ASSIGNMENT >> Exact copy, no pictures: output each line below as it stands.

*** TASK MATERIAL ***

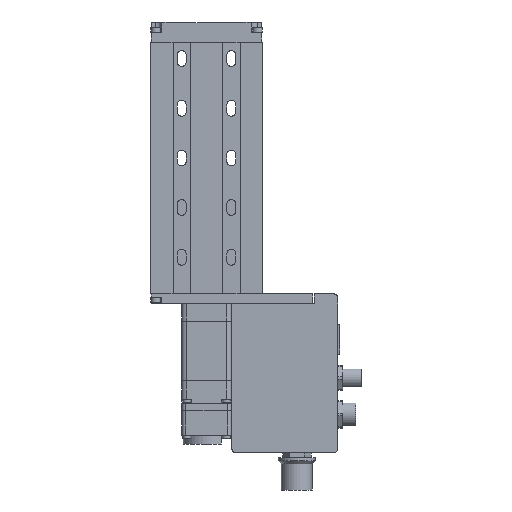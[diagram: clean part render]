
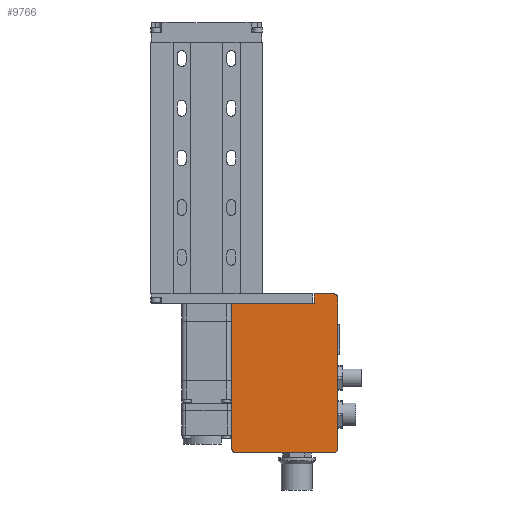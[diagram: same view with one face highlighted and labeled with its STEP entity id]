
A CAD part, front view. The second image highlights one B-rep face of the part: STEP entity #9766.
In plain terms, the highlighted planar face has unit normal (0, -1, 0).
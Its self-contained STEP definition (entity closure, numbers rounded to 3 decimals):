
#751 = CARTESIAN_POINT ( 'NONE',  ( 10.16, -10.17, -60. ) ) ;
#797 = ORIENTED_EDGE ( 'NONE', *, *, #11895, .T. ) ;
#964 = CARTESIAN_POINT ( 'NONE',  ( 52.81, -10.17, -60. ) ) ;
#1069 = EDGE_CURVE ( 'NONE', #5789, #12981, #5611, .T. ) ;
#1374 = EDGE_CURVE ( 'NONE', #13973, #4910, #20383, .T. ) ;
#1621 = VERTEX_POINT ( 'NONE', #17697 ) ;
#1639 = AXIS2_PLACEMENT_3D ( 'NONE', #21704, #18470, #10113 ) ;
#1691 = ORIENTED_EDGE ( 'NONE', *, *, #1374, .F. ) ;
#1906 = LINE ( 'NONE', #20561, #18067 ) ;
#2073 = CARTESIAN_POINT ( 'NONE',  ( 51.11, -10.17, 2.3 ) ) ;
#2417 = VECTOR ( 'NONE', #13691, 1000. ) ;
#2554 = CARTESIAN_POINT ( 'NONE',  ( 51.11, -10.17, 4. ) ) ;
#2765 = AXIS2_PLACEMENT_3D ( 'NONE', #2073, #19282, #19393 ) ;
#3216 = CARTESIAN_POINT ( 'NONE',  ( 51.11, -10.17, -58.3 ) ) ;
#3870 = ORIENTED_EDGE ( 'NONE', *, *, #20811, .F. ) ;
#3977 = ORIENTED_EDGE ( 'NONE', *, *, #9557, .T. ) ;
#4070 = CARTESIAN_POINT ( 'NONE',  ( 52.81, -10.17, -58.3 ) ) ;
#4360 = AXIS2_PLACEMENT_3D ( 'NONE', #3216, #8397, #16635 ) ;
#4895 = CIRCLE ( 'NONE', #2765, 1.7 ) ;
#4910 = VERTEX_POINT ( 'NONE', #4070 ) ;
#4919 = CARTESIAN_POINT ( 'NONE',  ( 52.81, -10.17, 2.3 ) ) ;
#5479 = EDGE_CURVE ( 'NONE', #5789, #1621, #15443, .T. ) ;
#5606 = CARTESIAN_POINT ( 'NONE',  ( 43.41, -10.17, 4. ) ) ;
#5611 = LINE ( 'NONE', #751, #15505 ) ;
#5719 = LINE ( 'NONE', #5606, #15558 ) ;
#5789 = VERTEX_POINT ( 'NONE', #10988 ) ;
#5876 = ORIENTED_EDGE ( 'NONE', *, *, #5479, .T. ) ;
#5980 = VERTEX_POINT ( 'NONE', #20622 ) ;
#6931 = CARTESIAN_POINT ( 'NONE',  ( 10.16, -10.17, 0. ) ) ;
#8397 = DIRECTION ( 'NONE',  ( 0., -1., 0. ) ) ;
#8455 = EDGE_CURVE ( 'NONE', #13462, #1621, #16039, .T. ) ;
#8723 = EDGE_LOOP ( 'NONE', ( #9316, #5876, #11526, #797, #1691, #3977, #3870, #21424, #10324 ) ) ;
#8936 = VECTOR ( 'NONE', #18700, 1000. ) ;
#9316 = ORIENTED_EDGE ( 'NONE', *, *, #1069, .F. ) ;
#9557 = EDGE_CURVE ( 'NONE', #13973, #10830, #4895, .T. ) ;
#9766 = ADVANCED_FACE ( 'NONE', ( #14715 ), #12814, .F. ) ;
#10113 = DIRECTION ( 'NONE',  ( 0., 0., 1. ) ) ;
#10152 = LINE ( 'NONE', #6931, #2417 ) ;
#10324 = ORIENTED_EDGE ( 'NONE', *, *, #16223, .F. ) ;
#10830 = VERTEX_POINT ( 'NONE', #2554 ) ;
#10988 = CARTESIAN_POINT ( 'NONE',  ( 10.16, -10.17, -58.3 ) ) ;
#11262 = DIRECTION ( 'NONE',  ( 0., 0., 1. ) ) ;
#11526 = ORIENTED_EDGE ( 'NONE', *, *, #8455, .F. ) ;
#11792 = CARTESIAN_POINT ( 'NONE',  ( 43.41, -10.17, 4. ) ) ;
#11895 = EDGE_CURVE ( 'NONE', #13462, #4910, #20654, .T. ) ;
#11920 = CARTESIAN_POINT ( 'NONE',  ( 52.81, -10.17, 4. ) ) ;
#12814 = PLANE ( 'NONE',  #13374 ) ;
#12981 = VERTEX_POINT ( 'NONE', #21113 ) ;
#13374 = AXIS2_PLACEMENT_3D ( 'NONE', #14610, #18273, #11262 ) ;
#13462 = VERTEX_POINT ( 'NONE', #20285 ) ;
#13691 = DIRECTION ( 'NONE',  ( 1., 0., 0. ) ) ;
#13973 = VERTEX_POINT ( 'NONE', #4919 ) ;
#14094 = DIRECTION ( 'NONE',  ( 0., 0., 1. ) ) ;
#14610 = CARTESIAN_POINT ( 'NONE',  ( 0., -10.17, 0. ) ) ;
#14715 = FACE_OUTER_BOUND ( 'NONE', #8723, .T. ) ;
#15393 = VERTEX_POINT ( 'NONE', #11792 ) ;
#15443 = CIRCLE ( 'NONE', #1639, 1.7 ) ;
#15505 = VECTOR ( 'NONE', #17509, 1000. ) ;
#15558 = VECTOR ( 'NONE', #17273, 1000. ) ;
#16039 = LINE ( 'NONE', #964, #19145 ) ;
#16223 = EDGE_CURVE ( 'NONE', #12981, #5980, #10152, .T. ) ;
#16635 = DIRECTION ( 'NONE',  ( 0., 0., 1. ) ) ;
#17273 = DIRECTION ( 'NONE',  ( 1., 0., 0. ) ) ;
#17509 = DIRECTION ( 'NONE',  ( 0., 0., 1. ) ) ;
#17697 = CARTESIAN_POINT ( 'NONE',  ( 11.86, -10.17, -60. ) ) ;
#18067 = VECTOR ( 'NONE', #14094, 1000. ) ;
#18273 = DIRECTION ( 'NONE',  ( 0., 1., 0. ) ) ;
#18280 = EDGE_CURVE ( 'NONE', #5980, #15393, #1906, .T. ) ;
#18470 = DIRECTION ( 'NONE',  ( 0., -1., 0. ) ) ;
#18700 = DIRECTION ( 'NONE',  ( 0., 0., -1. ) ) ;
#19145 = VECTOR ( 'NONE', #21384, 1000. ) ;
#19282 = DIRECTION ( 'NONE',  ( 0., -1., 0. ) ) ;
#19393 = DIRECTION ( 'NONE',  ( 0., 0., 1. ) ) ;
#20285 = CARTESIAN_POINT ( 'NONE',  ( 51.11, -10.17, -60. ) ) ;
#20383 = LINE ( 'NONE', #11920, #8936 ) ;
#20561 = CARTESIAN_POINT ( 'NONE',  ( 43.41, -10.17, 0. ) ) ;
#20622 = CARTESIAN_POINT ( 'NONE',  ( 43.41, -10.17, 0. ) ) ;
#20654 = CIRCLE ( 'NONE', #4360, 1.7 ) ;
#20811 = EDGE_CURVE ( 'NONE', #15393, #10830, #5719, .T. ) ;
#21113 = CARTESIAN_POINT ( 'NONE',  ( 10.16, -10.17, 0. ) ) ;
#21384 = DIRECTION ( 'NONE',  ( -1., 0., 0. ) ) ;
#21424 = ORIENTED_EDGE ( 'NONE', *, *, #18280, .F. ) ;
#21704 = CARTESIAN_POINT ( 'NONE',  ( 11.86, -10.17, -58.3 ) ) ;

*** End of TASK MATERIAL ***

OUTPUT OF THE EXERCISE >>
[diagram: clean part render]
[diagram: same view with one face highlighted and labeled with its STEP entity id]
A CAD part, front view. The second image highlights one B-rep face of the part: STEP entity #9766.
In plain terms, the highlighted planar face has unit normal (0, -1, 0).
Its self-contained STEP definition (entity closure, numbers rounded to 3 decimals):
#751 = CARTESIAN_POINT ( 'NONE',  ( 10.16, -10.17, -60. ) ) ;
#797 = ORIENTED_EDGE ( 'NONE', *, *, #11895, .T. ) ;
#964 = CARTESIAN_POINT ( 'NONE',  ( 52.81, -10.17, -60. ) ) ;
#1069 = EDGE_CURVE ( 'NONE', #5789, #12981, #5611, .T. ) ;
#1374 = EDGE_CURVE ( 'NONE', #13973, #4910, #20383, .T. ) ;
#1621 = VERTEX_POINT ( 'NONE', #17697 ) ;
#1639 = AXIS2_PLACEMENT_3D ( 'NONE', #21704, #18470, #10113 ) ;
#1691 = ORIENTED_EDGE ( 'NONE', *, *, #1374, .F. ) ;
#1906 = LINE ( 'NONE', #20561, #18067 ) ;
#2073 = CARTESIAN_POINT ( 'NONE',  ( 51.11, -10.17, 2.3 ) ) ;
#2417 = VECTOR ( 'NONE', #13691, 1000. ) ;
#2554 = CARTESIAN_POINT ( 'NONE',  ( 51.11, -10.17, 4. ) ) ;
#2765 = AXIS2_PLACEMENT_3D ( 'NONE', #2073, #19282, #19393 ) ;
#3216 = CARTESIAN_POINT ( 'NONE',  ( 51.11, -10.17, -58.3 ) ) ;
#3870 = ORIENTED_EDGE ( 'NONE', *, *, #20811, .F. ) ;
#3977 = ORIENTED_EDGE ( 'NONE', *, *, #9557, .T. ) ;
#4070 = CARTESIAN_POINT ( 'NONE',  ( 52.81, -10.17, -58.3 ) ) ;
#4360 = AXIS2_PLACEMENT_3D ( 'NONE', #3216, #8397, #16635 ) ;
#4895 = CIRCLE ( 'NONE', #2765, 1.7 ) ;
#4910 = VERTEX_POINT ( 'NONE', #4070 ) ;
#4919 = CARTESIAN_POINT ( 'NONE',  ( 52.81, -10.17, 2.3 ) ) ;
#5479 = EDGE_CURVE ( 'NONE', #5789, #1621, #15443, .T. ) ;
#5606 = CARTESIAN_POINT ( 'NONE',  ( 43.41, -10.17, 4. ) ) ;
#5611 = LINE ( 'NONE', #751, #15505 ) ;
#5719 = LINE ( 'NONE', #5606, #15558 ) ;
#5789 = VERTEX_POINT ( 'NONE', #10988 ) ;
#5876 = ORIENTED_EDGE ( 'NONE', *, *, #5479, .T. ) ;
#5980 = VERTEX_POINT ( 'NONE', #20622 ) ;
#6931 = CARTESIAN_POINT ( 'NONE',  ( 10.16, -10.17, 0. ) ) ;
#8397 = DIRECTION ( 'NONE',  ( 0., -1., 0. ) ) ;
#8455 = EDGE_CURVE ( 'NONE', #13462, #1621, #16039, .T. ) ;
#8723 = EDGE_LOOP ( 'NONE', ( #9316, #5876, #11526, #797, #1691, #3977, #3870, #21424, #10324 ) ) ;
#8936 = VECTOR ( 'NONE', #18700, 1000. ) ;
#9316 = ORIENTED_EDGE ( 'NONE', *, *, #1069, .F. ) ;
#9557 = EDGE_CURVE ( 'NONE', #13973, #10830, #4895, .T. ) ;
#9766 = ADVANCED_FACE ( 'NONE', ( #14715 ), #12814, .F. ) ;
#10113 = DIRECTION ( 'NONE',  ( 0., 0., 1. ) ) ;
#10152 = LINE ( 'NONE', #6931, #2417 ) ;
#10324 = ORIENTED_EDGE ( 'NONE', *, *, #16223, .F. ) ;
#10830 = VERTEX_POINT ( 'NONE', #2554 ) ;
#10988 = CARTESIAN_POINT ( 'NONE',  ( 10.16, -10.17, -58.3 ) ) ;
#11262 = DIRECTION ( 'NONE',  ( 0., 0., 1. ) ) ;
#11526 = ORIENTED_EDGE ( 'NONE', *, *, #8455, .F. ) ;
#11792 = CARTESIAN_POINT ( 'NONE',  ( 43.41, -10.17, 4. ) ) ;
#11895 = EDGE_CURVE ( 'NONE', #13462, #4910, #20654, .T. ) ;
#11920 = CARTESIAN_POINT ( 'NONE',  ( 52.81, -10.17, 4. ) ) ;
#12814 = PLANE ( 'NONE',  #13374 ) ;
#12981 = VERTEX_POINT ( 'NONE', #21113 ) ;
#13374 = AXIS2_PLACEMENT_3D ( 'NONE', #14610, #18273, #11262 ) ;
#13462 = VERTEX_POINT ( 'NONE', #20285 ) ;
#13691 = DIRECTION ( 'NONE',  ( 1., 0., 0. ) ) ;
#13973 = VERTEX_POINT ( 'NONE', #4919 ) ;
#14094 = DIRECTION ( 'NONE',  ( 0., 0., 1. ) ) ;
#14610 = CARTESIAN_POINT ( 'NONE',  ( 0., -10.17, 0. ) ) ;
#14715 = FACE_OUTER_BOUND ( 'NONE', #8723, .T. ) ;
#15393 = VERTEX_POINT ( 'NONE', #11792 ) ;
#15443 = CIRCLE ( 'NONE', #1639, 1.7 ) ;
#15505 = VECTOR ( 'NONE', #17509, 1000. ) ;
#15558 = VECTOR ( 'NONE', #17273, 1000. ) ;
#16039 = LINE ( 'NONE', #964, #19145 ) ;
#16223 = EDGE_CURVE ( 'NONE', #12981, #5980, #10152, .T. ) ;
#16635 = DIRECTION ( 'NONE',  ( 0., 0., 1. ) ) ;
#17273 = DIRECTION ( 'NONE',  ( 1., 0., 0. ) ) ;
#17509 = DIRECTION ( 'NONE',  ( 0., 0., 1. ) ) ;
#17697 = CARTESIAN_POINT ( 'NONE',  ( 11.86, -10.17, -60. ) ) ;
#18067 = VECTOR ( 'NONE', #14094, 1000. ) ;
#18273 = DIRECTION ( 'NONE',  ( 0., 1., 0. ) ) ;
#18280 = EDGE_CURVE ( 'NONE', #5980, #15393, #1906, .T. ) ;
#18470 = DIRECTION ( 'NONE',  ( 0., -1., 0. ) ) ;
#18700 = DIRECTION ( 'NONE',  ( 0., 0., -1. ) ) ;
#19145 = VECTOR ( 'NONE', #21384, 1000. ) ;
#19282 = DIRECTION ( 'NONE',  ( 0., -1., 0. ) ) ;
#19393 = DIRECTION ( 'NONE',  ( 0., 0., 1. ) ) ;
#20285 = CARTESIAN_POINT ( 'NONE',  ( 51.11, -10.17, -60. ) ) ;
#20383 = LINE ( 'NONE', #11920, #8936 ) ;
#20561 = CARTESIAN_POINT ( 'NONE',  ( 43.41, -10.17, 0. ) ) ;
#20622 = CARTESIAN_POINT ( 'NONE',  ( 43.41, -10.17, 0. ) ) ;
#20654 = CIRCLE ( 'NONE', #4360, 1.7 ) ;
#20811 = EDGE_CURVE ( 'NONE', #15393, #10830, #5719, .T. ) ;
#21113 = CARTESIAN_POINT ( 'NONE',  ( 10.16, -10.17, 0. ) ) ;
#21384 = DIRECTION ( 'NONE',  ( -1., 0., 0. ) ) ;
#21424 = ORIENTED_EDGE ( 'NONE', *, *, #18280, .F. ) ;
#21704 = CARTESIAN_POINT ( 'NONE',  ( 11.86, -10.17, -58.3 ) ) ;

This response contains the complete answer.